As soon as we sat down, tears streamed down her face. At the last event of Blogher Food 2011 Saturday night, the 40-year old, successful food blogger had asked if we could talk privately. We found a room upstairs, away from the throbbing dance party music.
“Some of the women at the conference are so mean,” she said, wiping away tears. She had met them before, yet they walked right by her without acknowledging her. Feeling overwhelmed, she said she’d rather be home gardening, or spending time with her children.
“It happened to me too,” I said. I was talking to a Famous Person when another Famous Person came up and discussed who they were inviting to dinner. Right in front of me.
And just like that, we were two high schoolers again. We desperately wanted to be adored, part of the in crowd and part of the cliques that gather. We wanted the cool people to notice us. We wanted to be cool too.
Feeling bad about her state of distress, I said most of the people at the conference felt the way she did (resisting adding “aside from a few clueless rude people.”) We’re all in a stressful situation, even though we’re thrilled to be there. That’s why we gather. According to the BlogHer Food folks, the number one reason attendees come is for the “community.”
But we don’t know all these people, and we’re not used to gathering like this. Who’s used to spending 15 hours a day or more with 500 people you hardly know? Who’s used to other people evaluating whether you’re worth sitting next to, talking to, rooming with, or inviting to a private event? It’s easy to get annoyed.

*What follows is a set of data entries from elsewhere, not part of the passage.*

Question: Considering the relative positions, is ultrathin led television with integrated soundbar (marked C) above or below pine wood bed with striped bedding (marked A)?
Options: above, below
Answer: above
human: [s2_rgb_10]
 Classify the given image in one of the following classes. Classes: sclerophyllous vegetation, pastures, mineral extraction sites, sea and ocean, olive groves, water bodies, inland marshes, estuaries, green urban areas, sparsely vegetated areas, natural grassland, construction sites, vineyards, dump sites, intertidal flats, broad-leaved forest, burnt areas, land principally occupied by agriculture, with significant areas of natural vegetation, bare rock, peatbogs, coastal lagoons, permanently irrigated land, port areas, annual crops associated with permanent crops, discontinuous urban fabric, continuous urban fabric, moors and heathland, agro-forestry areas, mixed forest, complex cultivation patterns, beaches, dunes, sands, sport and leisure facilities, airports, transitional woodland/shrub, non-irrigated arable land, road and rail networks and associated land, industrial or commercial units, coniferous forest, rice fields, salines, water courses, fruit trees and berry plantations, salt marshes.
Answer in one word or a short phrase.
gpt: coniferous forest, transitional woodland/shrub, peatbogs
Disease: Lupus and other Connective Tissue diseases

Even though I’ve attended writing and culinary conferences for more than 10 years (see liveblog of my session on recipe etiquette at BlogHer Food), I can’t always escape the anxiety that accompanies them. I love it when people tell me how much my book meant to them, but I don’t always know what to say after that. I get tongue-tied when speaking to Famous People. I spend a lot of time with friends and people I want to know, because it’s easier or more strategic than being with people who want to know me.
So before I get into coping mechanisms, I want to apologize. I probably snubbed people at BlogHer Food too. Please forgive me if I did not spend enough time with you or appeared to blow you off. I did not mean to.
And for the next conference (see you at IACP in Austin next week?), these are my strategies:
1. Don’t take it personally. It’s rarely All About Me. So the next time someone appears to snub me, I will consider whether I imagined it, because sensitive people are prone to thoughts like that, and I need a thicker skin.
I will keep my social circle open and diverse, and not take cliques personally. Here is why cliques form, from a site meant for teens.
2. Take time off. I’ll retreat to my room or go outside for some quiet time when I feel overwhelmed or tired. There’s no need to maximize every minute by being with other people. Time off will be more useful and positive than bitching about other attendees, as I just did above.
3. Focus on the positive. I will focus my energy on what’s working:
- How lucky I am to be at a conference where I get to meet people I admire and learn
- The pleasure of meeting people who read this blog or have read my book
- The unexpected joy of hitting it off with someone I just met
- How much I enjoy being with people in the same field.
4. Stop comparing. Someone is always going to have a better book deal, more readers, more speaking opportunities, more ad revenue, nicer clothes, more prestigious freelancing gigs, better writing skills, and more hangers-on. I’ll never win, playing that game.
5. Get some perspective. I return from conferences inspired about new projects, leads, and ideas. I meet lots of fascinating people and learn from them. Then I come home to my husband, friends and family, and to my work, and I’m grateful to get back to it all.